▸ YOUR TASK
All lines in the records below that hold "window" are to be shown.
-- ENTRIES PROVIDED follows --
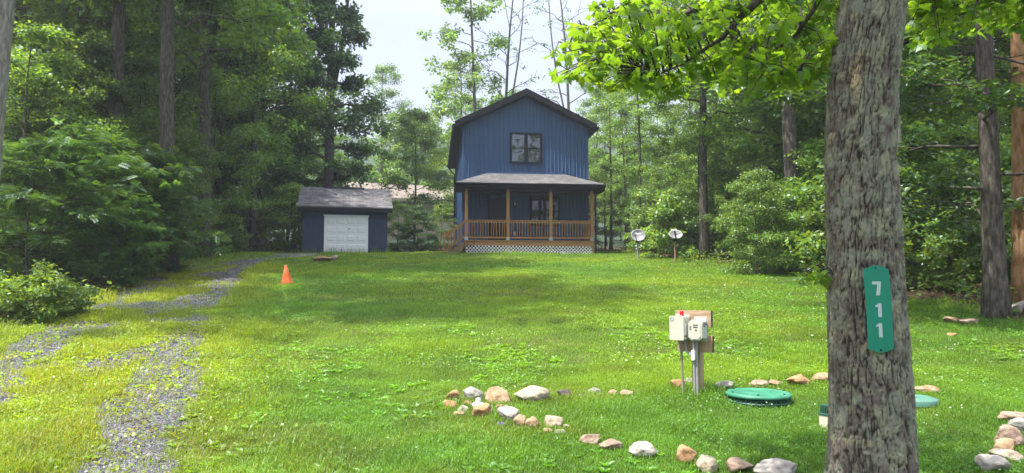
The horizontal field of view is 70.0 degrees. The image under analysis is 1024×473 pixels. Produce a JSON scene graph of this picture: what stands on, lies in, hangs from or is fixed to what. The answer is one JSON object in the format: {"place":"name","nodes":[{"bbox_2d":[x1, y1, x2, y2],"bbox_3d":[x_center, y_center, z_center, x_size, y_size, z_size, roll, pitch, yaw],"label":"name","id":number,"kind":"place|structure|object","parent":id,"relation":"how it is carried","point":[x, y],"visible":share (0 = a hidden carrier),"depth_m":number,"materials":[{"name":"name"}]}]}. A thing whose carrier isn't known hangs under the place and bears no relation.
{"place":"outdoors","nodes":[
{"label":"outdoors","id":0,"kind":"place"},
{"bbox_2d":[0,254,308,472],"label":"gravel","id":1,"kind":"structure","parent":0,"point":[119,435],"depth_m":8.30,"materials":[{"name":"grey gravel"}]},
{"bbox_2d":[0,135,1023,472],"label":"ground","id":2,"kind":"structure","parent":0,"point":[620,247],"depth_m":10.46,"materials":[{"name":"green plant"}]},
{"bbox_2d":[0,0,15,176],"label":"oak tree","id":3,"kind":"object","parent":2,"relation":"on","point":[7,12],"visible":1,"depth_m":12.94,"materials":[{"name":"grey plant"}]},
{"bbox_2d":[0,258,85,327],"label":"shrub","id":4,"kind":"object","parent":2,"relation":"on","point":[44,284],"visible":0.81,"depth_m":12.00,"materials":[{"name":"green plant"}]},
{"bbox_2d":[0,67,101,273],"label":"sapling","id":5,"kind":"object","parent":2,"relation":"on","point":[34,101],"visible":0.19,"depth_m":20.35,"materials":[{"name":"green plant"}]},
{"bbox_2d":[12,0,97,114],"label":"tree","id":6,"kind":"object","parent":2,"relation":"on","point":[65,5],"visible":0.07,"depth_m":30.16,"materials":[{"name":"green plant"}]},
{"bbox_2d":[0,20,131,276],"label":"sapling","id":7,"kind":"object","parent":2,"relation":"on","point":[56,38],"visible":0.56,"depth_m":19.85,"materials":[{"name":"green plant"}]},
{"bbox_2d":[34,276,98,318],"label":"shrub","id":8,"kind":"object","parent":2,"relation":"on","point":[81,301],"visible":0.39,"depth_m":13.13,"materials":[{"name":"green plant"}]},
{"bbox_2d":[0,130,152,281],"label":"locust sapling","id":9,"kind":"object","parent":2,"relation":"on","point":[44,153],"visible":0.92,"depth_m":16.61,"materials":[{"name":"green plant"}]},
{"bbox_2d":[6,45,148,266],"bbox_3d":[-13.425,-2.324,22.692,5.092,7.548,4.572,-4,-5,45],"label":"sapling","id":10,"kind":"object","parent":2,"relation":"on","point":[98,105],"visible":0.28,"depth_m":22.58,"materials":[{"name":"green plant"}]},
{"bbox_2d":[0,108,167,275],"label":"locust sapling","id":11,"kind":"object","parent":2,"relation":"on","point":[38,130],"visible":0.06,"depth_m":21.03,"materials":[{"name":"green plant"}]},
{"bbox_2d":[1,33,176,260],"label":"sapling","id":12,"kind":"object","parent":2,"relation":"on","point":[92,45],"visible":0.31,"depth_m":22.77,"materials":[{"name":"green plant"}]},
{"bbox_2d":[0,118,202,281],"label":"locust sapling","id":13,"kind":"object","parent":2,"relation":"on","point":[92,136],"visible":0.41,"depth_m":19.00,"materials":[{"name":"green plant"}]},
{"bbox_2d":[5,2,203,241],"bbox_3d":[-14.225,-3.400,24.824,5.900,9.739,6.570,-2,-4,25],"label":"sapling","id":14,"kind":"object","parent":2,"relation":"on","point":[103,18],"visible":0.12,"depth_m":25.03,"materials":[{"name":"green plant"}]},
{"bbox_2d":[41,193,179,285],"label":"locust sapling","id":15,"kind":"object","parent":2,"relation":"on","point":[148,228],"visible":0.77,"depth_m":18.00,"materials":[{"name":"green plant"}]},
{"bbox_2d":[7,0,225,123],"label":"tree","id":16,"kind":"object","parent":2,"relation":"on","point":[47,6],"visible":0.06,"depth_m":31.00,"materials":[{"name":"green plant"}]},
{"bbox_2d":[21,0,227,270],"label":"oak tree","id":17,"kind":"object","parent":2,"relation":"on","point":[117,23],"visible":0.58,"depth_m":23.99,"materials":[{"name":"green plant"}]},
{"bbox_2d":[47,139,235,277],"bbox_3d":[-10.758,-0.607,21.393,5.353,4.318,5.397,-2,-5,31],"label":"locust sapling","id":18,"kind":"object","parent":2,"relation":"on","point":[160,155],"visible":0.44,"depth_m":20.92,"materials":[{"name":"green plant"}]},
{"bbox_2d":[91,50,211,243],"bbox_3d":[-12.516,-2.372,24.518,5.092,7.548,4.572,-4,-5,43],"label":"sapling","id":19,"kind":"object","parent":2,"relation":"on","point":[151,85],"visible":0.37,"depth_m":24.29,"materials":[{"name":"green plant"}]},
{"bbox_2d":[105,0,199,105],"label":"tree","id":20,"kind":"object","parent":2,"relation":"on","point":[158,17],"visible":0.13,"depth_m":36.28,"materials":[{"name":"green plant"}]},
{"bbox_2d":[96,186,219,272],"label":"locust sapling","id":21,"kind":"object","parent":2,"relation":"on","point":[190,257],"visible":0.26,"depth_m":22.02,"materials":[{"name":"green plant"}]},
{"bbox_2d":[55,0,314,272],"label":"oak tree","id":22,"kind":"object","parent":2,"relation":"on","point":[166,105],"visible":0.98,"depth_m":23.46,"materials":[{"name":"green plant"}]},
{"bbox_2d":[0,306,370,472],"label":"seedlings","id":23,"kind":"object","parent":2,"relation":"on","point":[143,406],"visible":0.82,"depth_m":7.88,"materials":[{"name":"green plant"}]},
{"bbox_2d":[154,126,230,262],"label":"sapling","id":24,"kind":"object","parent":2,"relation":"on","point":[194,150],"visible":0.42,"depth_m":27.72,"materials":[{"name":"green plant"}]},
{"bbox_2d":[105,0,308,258],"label":"oak tree","id":25,"kind":"object","parent":2,"relation":"on","point":[153,32],"visible":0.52,"depth_m":30.17,"materials":[{"name":"green plant"}]},
{"bbox_2d":[146,62,276,239],"bbox_3d":[-13.680,-3.342,33.811,5.458,9.009,6.078,-2,-4,24],"label":"sapling","id":26,"kind":"object","parent":2,"relation":"on","point":[231,96],"visible":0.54,"depth_m":33.66,"materials":[{"name":"green plant"}]},
{"bbox_2d":[183,128,253,249],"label":"sapling","id":27,"kind":"object","parent":2,"relation":"on","point":[226,187],"visible":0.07,"depth_m":37.95,"materials":[{"name":"green plant"}]},
{"bbox_2d":[142,0,297,247],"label":"tree","id":28,"kind":"object","parent":2,"relation":"on","point":[225,62],"visible":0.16,"depth_m":37.47,"materials":[{"name":"green plant"}]},
{"bbox_2d":[127,0,322,140],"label":"tree","id":29,"kind":"object","parent":2,"relation":"on","point":[231,64],"visible":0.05,"depth_m":42.91,"materials":[{"name":"green plant"}]},
{"bbox_2d":[213,206,253,252],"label":"bush","id":30,"kind":"object","parent":2,"relation":"on","point":[236,235],"visible":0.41,"depth_m":34.30,"materials":[{"name":"green plant"}]},
{"bbox_2d":[157,1,317,237],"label":"oak tree","id":31,"kind":"object","parent":2,"relation":"on","point":[281,88],"visible":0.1,"depth_m":40.31,"materials":[{"name":"green plant"}]},
{"bbox_2d":[210,101,277,244],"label":"sapling","id":32,"kind":"object","parent":2,"relation":"on","point":[262,185],"visible":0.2,"depth_m":39.93,"materials":[{"name":"green plant"}]},
{"bbox_2d":[161,0,350,251],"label":"oak tree","id":33,"kind":"object","parent":2,"relation":"on","point":[286,161],"visible":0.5,"depth_m":38.05,"materials":[{"name":"green plant"}]},
{"bbox_2d":[174,0,338,242],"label":"tree","id":34,"kind":"object","parent":2,"relation":"on","point":[304,27],"visible":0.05,"depth_m":44.48,"materials":[{"name":"green plant"}]},
{"bbox_2d":[234,201,289,251],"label":"bush","id":35,"kind":"object","parent":2,"relation":"on","point":[267,211],"visible":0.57,"depth_m":38.78,"materials":[{"name":"green plant"}]},
{"bbox_2d":[210,0,346,244],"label":"tree","id":36,"kind":"object","parent":2,"relation":"on","point":[333,38],"visible":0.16,"depth_m":42.28,"materials":[{"name":"green plant"}]},
{"bbox_2d":[262,180,303,251],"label":"shrub","id":37,"kind":"object","parent":2,"relation":"on","point":[294,196],"visible":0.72,"depth_m":37.33,"materials":[{"name":"green plant"}]},
{"bbox_2d":[261,109,335,247],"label":"sapling","id":38,"kind":"object","parent":2,"relation":"on","point":[310,158],"visible":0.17,"depth_m":44.66,"materials":[{"name":"green plant"}]},
{"bbox_2d":[240,0,392,194],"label":"oak tree","id":39,"kind":"object","parent":2,"relation":"on","point":[346,18],"visible":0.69,"depth_m":44.17,"materials":[{"name":"green plant"}]},
{"bbox_2d":[297,186,392,252],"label":"shed","id":40,"kind":"structure","parent":2,"relation":"on","point":[338,219],"depth_m":36.19,"materials":[{"name":"blue paint"}]},
{"bbox_2d":[326,216,365,252],"bbox_3d":[-8.177,-0.084,36.072,1.938,1.838,0.037,1,-4,-13],"label":"garage door","id":41,"kind":"structure","parent":40,"relation":"in","point":[342,232],"depth_m":36.07,"materials":[{"name":"white paint"}]},
{"bbox_2d":[351,62,414,182],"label":"tree","id":42,"kind":"object","parent":2,"relation":"on","point":[390,94],"visible":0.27,"depth_m":83.75,"materials":[{"name":"green plant"}]},
{"bbox_2d":[344,182,453,238],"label":"house","id":43,"kind":"structure","parent":2,"relation":"on","point":[429,206],"depth_m":63.60,"materials":[{"name":"beige"}]},
{"bbox_2d":[387,199,418,250],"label":"shrub","id":44,"kind":"object","parent":2,"relation":"on","point":[400,224],"visible":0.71,"depth_m":40.10,"materials":[{"name":"green plant"}]},
{"bbox_2d":[364,106,454,186],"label":"tree","id":45,"kind":"object","parent":2,"relation":"on","point":[397,145],"visible":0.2,"depth_m":70.56,"materials":[{"name":"green plant"}]},
{"bbox_2d":[372,106,454,246],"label":"tree","id":46,"kind":"object","parent":2,"relation":"on","point":[406,119],"visible":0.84,"depth_m":47.02,"materials":[{"name":"green plant"}]},
{"bbox_2d":[394,203,438,250],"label":"shrub","id":47,"kind":"object","parent":2,"relation":"on","point":[415,215],"visible":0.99,"depth_m":39.45,"materials":[{"name":"green plant"}]},
{"bbox_2d":[418,202,456,249],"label":"shrub","id":48,"kind":"object","parent":2,"relation":"on","point":[439,208],"visible":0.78,"depth_m":40.97,"materials":[{"name":"green plant"}]},
{"bbox_2d":[409,49,488,211],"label":"tree","id":49,"kind":"object","parent":2,"relation":"on","point":[447,85],"visible":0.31,"depth_m":55.39,"materials":[{"name":"green plant"}]},
{"bbox_2d":[416,0,511,146],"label":"tree","id":50,"kind":"object","parent":2,"relation":"on","point":[471,17],"visible":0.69,"depth_m":52.57,"materials":[{"name":"green plant"}]},
{"bbox_2d":[454,0,545,112],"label":"dead tree","id":51,"kind":"object","parent":2,"relation":"on","point":[507,68],"visible":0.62,"depth_m":53.84,"materials":[{"name":"grey plant"}]},
{"bbox_2d":[0,324,1023,472],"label":"weeds","id":52,"kind":"object","parent":2,"relation":"on","point":[479,376],"visible":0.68,"depth_m":7.88,"materials":[{"name":"green plant"}]},
{"bbox_2d":[0,241,1023,320],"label":"undergrowth","id":53,"kind":"object","parent":2,"relation":"on","point":[714,252],"visible":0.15,"depth_m":17.45,"materials":[{"name":"green plant"}]},
{"bbox_2d":[0,252,1023,328],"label":"fallen leaves","id":54,"kind":"object","parent":2,"relation":"on","point":[935,290],"visible":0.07,"depth_m":17.57,"materials":[{"name":"brown plant"}]},
{"bbox_2d":[0,256,1023,472],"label":"clover","id":55,"kind":"object","parent":2,"relation":"on","point":[746,299],"depth_m":10.22,"materials":[{"name":"green plant"}]},
{"bbox_2d":[443,88,605,253],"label":"house","id":56,"kind":"structure","parent":2,"relation":"on","point":[518,162],"depth_m":35.46,"materials":[{"name":"blue wood"}]},
{"bbox_2d":[490,201,505,239],"bbox_3d":[-0.673,-0.719,35.247,0.760,2.030,0.026,0,-4,-6],"label":"door","id":57,"kind":"structure","parent":56,"relation":"in","point":[497,209],"depth_m":35.25,"materials":[{"name":"metal"}]},
{"bbox_2d":[510,132,541,163],"bbox_3d":[0.684,-4.303,35.615,1.592,1.507,0.048,0,-4,-6],"label":"window","id":58,"kind":"structure","parent":56,"relation":"in","point":[526,148],"depth_m":35.62,"materials":[{"name":"clear glass"}]},
{"bbox_2d":[530,196,559,225],"bbox_3d":[1.592,-1.239,35.504,1.480,1.463,0.048,0,-4,-6],"label":"window","id":59,"kind":"structure","parent":56,"relation":"in","point":[539,205],"depth_m":35.51,"materials":[{"name":"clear glass"}]},
{"bbox_2d":[514,385,549,402],"bbox_3d":[0.193,1.572,7.252,0.360,0.183,0.276,-1,-4,9],"label":"rock","id":60,"kind":"object","parent":2,"relation":"on","point":[533,392],"visible":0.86,"depth_m":7.18,"materials":[{"name":"beige stone"}]},
{"bbox_2d":[521,0,605,119],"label":"dead tree","id":61,"kind":"object","parent":2,"relation":"on","point":[567,84],"visible":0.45,"depth_m":51.46,"materials":[{"name":"grey plant"}]},
{"bbox_2d":[573,81,634,234],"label":"tree","id":62,"kind":"object","parent":2,"relation":"on","point":[585,104],"visible":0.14,"depth_m":72.57,"materials":[{"name":"green plant"}]},
{"bbox_2d":[587,78,631,245],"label":"tree","id":63,"kind":"object","parent":2,"relation":"on","point":[602,129],"visible":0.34,"depth_m":49.25,"materials":[{"name":"green plant"}]},
{"bbox_2d":[589,159,634,249],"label":"sapling","id":64,"kind":"object","parent":2,"relation":"on","point":[601,172],"visible":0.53,"depth_m":42.09,"materials":[{"name":"green plant"}]},
{"bbox_2d":[584,79,651,249],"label":"tree","id":65,"kind":"object","parent":2,"relation":"on","point":[614,167],"visible":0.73,"depth_m":40.57,"materials":[{"name":"green plant"}]},
{"bbox_2d":[592,90,652,249],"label":"tree","id":66,"kind":"object","parent":2,"relation":"on","point":[627,149],"visible":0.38,"depth_m":43.54,"materials":[{"name":"green plant"}]},
{"bbox_2d":[597,154,654,243],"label":"tree","id":67,"kind":"object","parent":2,"relation":"on","point":[620,229],"visible":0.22,"depth_m":46.15,"materials":[{"name":"green plant"}]},
{"bbox_2d":[590,80,663,242],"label":"tree","id":68,"kind":"object","parent":2,"relation":"on","point":[643,140],"visible":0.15,"depth_m":53.10,"materials":[{"name":"green plant"}]},
{"bbox_2d":[593,5,674,252],"bbox_3d":[6.093,-5.422,36.342,4.083,13.091,4.541,-1,-4,14],"label":"tree","id":69,"kind":"object","parent":2,"relation":"on","point":[639,113],"visible":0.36,"depth_m":36.36,"materials":[{"name":"green plant"}]},
{"bbox_2d":[629,441,658,458],"bbox_3d":[1.014,1.645,5.622,0.237,0.126,0.195,0,-4,2],"label":"rock","id":70,"kind":"object","parent":2,"relation":"on","point":[646,448],"visible":0.98,"depth_m":5.55,"materials":[{"name":"white stone"}]},
{"bbox_2d":[619,207,669,252],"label":"bush","id":71,"kind":"object","parent":2,"relation":"on","point":[637,220],"visible":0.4,"depth_m":34.73,"materials":[{"name":"green plant"}]},
{"bbox_2d":[621,134,697,239],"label":"sapling","id":72,"kind":"object","parent":2,"relation":"on","point":[657,153],"visible":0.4,"depth_m":36.50,"materials":[{"name":"green plant"}]},
{"bbox_2d":[624,164,697,253],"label":"sapling","id":73,"kind":"object","parent":2,"relation":"on","point":[656,172],"visible":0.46,"depth_m":33.60,"materials":[{"name":"green plant"}]},
{"bbox_2d":[635,83,697,245],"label":"tree","id":74,"kind":"object","parent":2,"relation":"on","point":[670,122],"visible":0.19,"depth_m":49.65,"materials":[{"name":"green plant"}]},
{"bbox_2d":[633,188,712,258],"bbox_3d":[6.714,-0.226,30.565,3.176,3.444,3.126,0,-4,2],"label":"bush","id":75,"kind":"object","parent":2,"relation":"on","point":[663,238],"visible":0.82,"depth_m":30.19,"materials":[{"name":"green plant"}]},
{"bbox_2d":[669,310,713,395],"bbox_3d":[1.880,1.355,7.576,0.405,1.170,0.307,-3,-5,37],"label":"control panel","id":76,"kind":"object","parent":2,"relation":"on","point":[688,329],"visible":0.91,"depth_m":7.54,"materials":[{"name":"beige plastic"}]},
{"bbox_2d":[661,47,722,158],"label":"tree","id":77,"kind":"object","parent":2,"relation":"on","point":[677,112],"visible":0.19,"depth_m":45.28,"materials":[{"name":"green plant"}]},
{"bbox_2d":[649,113,736,244],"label":"sapling","id":78,"kind":"object","parent":2,"relation":"on","point":[678,162],"visible":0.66,"depth_m":30.47,"materials":[{"name":"green plant"}]},
{"bbox_2d":[619,0,767,260],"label":"tree","id":79,"kind":"object","parent":2,"relation":"on","point":[704,243],"visible":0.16,"depth_m":29.23,"materials":[{"name":"green plant"}]},
{"bbox_2d":[679,163,733,252],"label":"sapling","id":80,"kind":"object","parent":2,"relation":"on","point":[709,192],"visible":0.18,"depth_m":34.25,"materials":[{"name":"green plant"}]},
{"bbox_2d":[639,0,836,269],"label":"oak tree","id":81,"kind":"object","parent":2,"relation":"on","point":[789,133],"visible":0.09,"depth_m":24.28,"materials":[{"name":"green plant"}]},
{"bbox_2d":[653,0,830,186],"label":"tree","id":82,"kind":"object","parent":2,"relation":"on","point":[765,113],"visible":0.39,"depth_m":27.48,"materials":[{"name":"green plant"}]},
{"bbox_2d":[714,146,783,264],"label":"sapling","id":83,"kind":"object","parent":2,"relation":"on","point":[759,155],"visible":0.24,"depth_m":26.18,"materials":[{"name":"green plant"}]},
{"bbox_2d":[699,165,805,274],"bbox_3d":[7.359,-0.371,22.041,2.778,3.553,2.833,3,-5,-41],"label":"shrub","id":84,"kind":"object","parent":2,"relation":"on","point":[755,202],"visible":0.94,"depth_m":21.85,"materials":[{"name":"green plant"}]},
{"bbox_2d":[725,387,791,407],"bbox_3d":[2.451,1.657,7.272,0.629,0.246,0.629,0,-4,0],"label":"septic lid","id":85,"kind":"object","parent":2,"relation":"on","point":[768,396],"visible":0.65,"depth_m":7.08,"materials":[{"name":"green plastic"}]},
{"bbox_2d":[695,0,829,147],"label":"tree","id":86,"kind":"object","parent":2,"relation":"on","point":[726,102],"visible":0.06,"depth_m":41.34,"materials":[{"name":"green plant"}]},
{"bbox_2d":[753,458,796,472],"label":"rock","id":87,"kind":"object","parent":2,"relation":"on","point":[774,465],"visible":1,"depth_m":5.13,"materials":[{"name":"white stone"}]},
{"bbox_2d":[541,0,1023,472],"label":"maple tree","id":88,"kind":"object","parent":2,"relation":"on","point":[872,423],"visible":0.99,"depth_m":4.07,"materials":[{"name":"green plant"}]},
{"bbox_2d":[863,265,893,352],"bbox_3d":[1.931,0.382,3.856,0.146,0.459,0.012,0,-4,5],"label":"house number sign","id":89,"kind":"object","parent":88,"relation":"attached to","point":[878,308],"visible":1,"depth_m":3.86,"materials":[{"name":"green metal"}]},
{"bbox_2d":[750,186,824,273],"bbox_3d":[8.623,-0.133,22.592,2.333,2.984,2.380,-2,-4,25],"label":"shrub","id":90,"kind":"object","parent":2,"relation":"on","point":[794,223],"visible":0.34,"depth_m":22.34,"materials":[{"name":"green plant"}]},
{"bbox_2d":[772,133,824,263],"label":"sapling","id":91,"kind":"object","parent":2,"relation":"on","point":[810,154],"visible":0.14,"depth_m":23.23,"materials":[{"name":"green plant"}]},
{"bbox_2d":[783,185,825,274],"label":"sapling","id":92,"kind":"object","parent":2,"relation":"on","point":[799,231],"visible":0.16,"depth_m":21.12,"materials":[{"name":"green plant"}]},
{"bbox_2d":[720,9,957,163],"bbox_3d":[12.864,-10.690,27.176,11.550,24.396,12.141,4,-5,-43],"label":"tree","id":93,"kind":"object","parent":2,"relation":"on","point":[776,126],"visible":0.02,"depth_m":27.14,"materials":[{"name":"green plant"}]},
{"bbox_2d":[782,186,937,288],"bbox_3d":[8.665,0.089,18.239,3.199,3.470,3.149,2,-5,-30],"label":"bush","id":94,"kind":"object","parent":2,"relation":"on","point":[819,251],"visible":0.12,"depth_m":18.30,"materials":[{"name":"green plant"}]},
{"bbox_2d":[740,0,999,152],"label":"tree","id":95,"kind":"object","parent":2,"relation":"on","point":[813,111],"visible":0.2,"depth_m":24.61,"materials":[{"name":"green plant"}]},
{"bbox_2d":[779,158,966,281],"bbox_3d":[10.146,-0.375,20.529,4.507,4.482,4.953,1,-4,-14],"label":"bush","id":96,"kind":"object","parent":2,"relation":"on","point":[803,190],"visible":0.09,"depth_m":20.62,"materials":[{"name":"green plant"}]},
{"bbox_2d":[729,0,1023,320],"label":"oak tree","id":97,"kind":"object","parent":2,"relation":"on","point":[988,97],"visible":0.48,"depth_m":12.74,"materials":[{"name":"green plant"}]},
{"bbox_2d":[899,49,979,266],"bbox_3d":[12.547,-2.094,22.499,4.762,7.058,4.276,3,-5,-38],"label":"sapling","id":98,"kind":"object","parent":2,"relation":"on","point":[956,131],"visible":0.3,"depth_m":21.94,"materials":[{"name":"green plant"}]},
{"bbox_2d":[903,0,1010,164],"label":"tree","id":99,"kind":"object","parent":2,"relation":"on","point":[1003,38],"visible":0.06,"depth_m":26.97,"materials":[{"name":"green plant"}]},
{"bbox_2d":[904,199,1011,294],"bbox_3d":[10.762,0.417,17.299,2.460,2.710,2.498,4,-5,-43],"label":"bush","id":100,"kind":"object","parent":2,"relation":"on","point":[973,263],"visible":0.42,"depth_m":17.25,"materials":[{"name":"green plant"}]},
{"bbox_2d":[911,161,1011,283],"bbox_3d":[13.265,-0.186,20.531,3.980,3.958,4.375,-1,-4,20],"label":"bush","id":101,"kind":"object","parent":2,"relation":"on","point":[971,173],"visible":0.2,"depth_m":20.36,"materials":[{"name":"green plant"}]},
{"bbox_2d":[948,140,1011,273],"bbox_3d":[14.639,-0.450,20.538,4.719,4.693,5.186,-1,-4,16],"label":"bush","id":102,"kind":"object","parent":2,"relation":"on","point":[1004,158],"visible":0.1,"depth_m":20.42,"materials":[{"name":"green plant"}]},
{"bbox_2d":[959,101,1010,203],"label":"sapling","id":103,"kind":"object","parent":2,"relation":"on","point":[1007,117],"visible":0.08,"depth_m":23.25,"materials":[{"name":"green plant"}]},
{"bbox_2d":[974,454,1010,472],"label":"rock","id":104,"kind":"object","parent":2,"relation":"on","point":[986,462],"visible":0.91,"depth_m":5.12,"materials":[{"name":"white stone"}]},
{"bbox_2d":[994,424,1023,444],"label":"rock","id":105,"kind":"object","parent":2,"relation":"on","point":[1009,431],"visible":0.63,"depth_m":5.78,"materials":[{"name":"beige stone"}]},
{"bbox_2d":[1010,4,1023,304],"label":"dead tree","id":106,"kind":"object","parent":2,"relation":"on","point":[1017,162],"visible":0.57,"depth_m":14.63,"materials":[{"name":"brown bark"},{"name":"wood"}]},
{"bbox_2d":[176,0,1005,137],"label":"sky","id":107,"kind":"structure","parent":0,"point":[393,26],"materials":[{"name":"white"}]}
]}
-- ENTRIES PROVIDED concluded --
▸ EXPECTED ANSWER
{"bbox_2d":[510,132,541,163],"bbox_3d":[0.684,-4.303,35.615,1.592,1.507,0.048,0,-4,-6],"label":"window","id":58,"kind":"structure","parent":56,"relation":"in","point":[526,148],"depth_m":35.62,"materials":[{"name":"clear glass"}]},
{"bbox_2d":[530,196,559,225],"bbox_3d":[1.592,-1.239,35.504,1.480,1.463,0.048,0,-4,-6],"label":"window","id":59,"kind":"structure","parent":56,"relation":"in","point":[539,205],"depth_m":35.51,"materials":[{"name":"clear glass"}]},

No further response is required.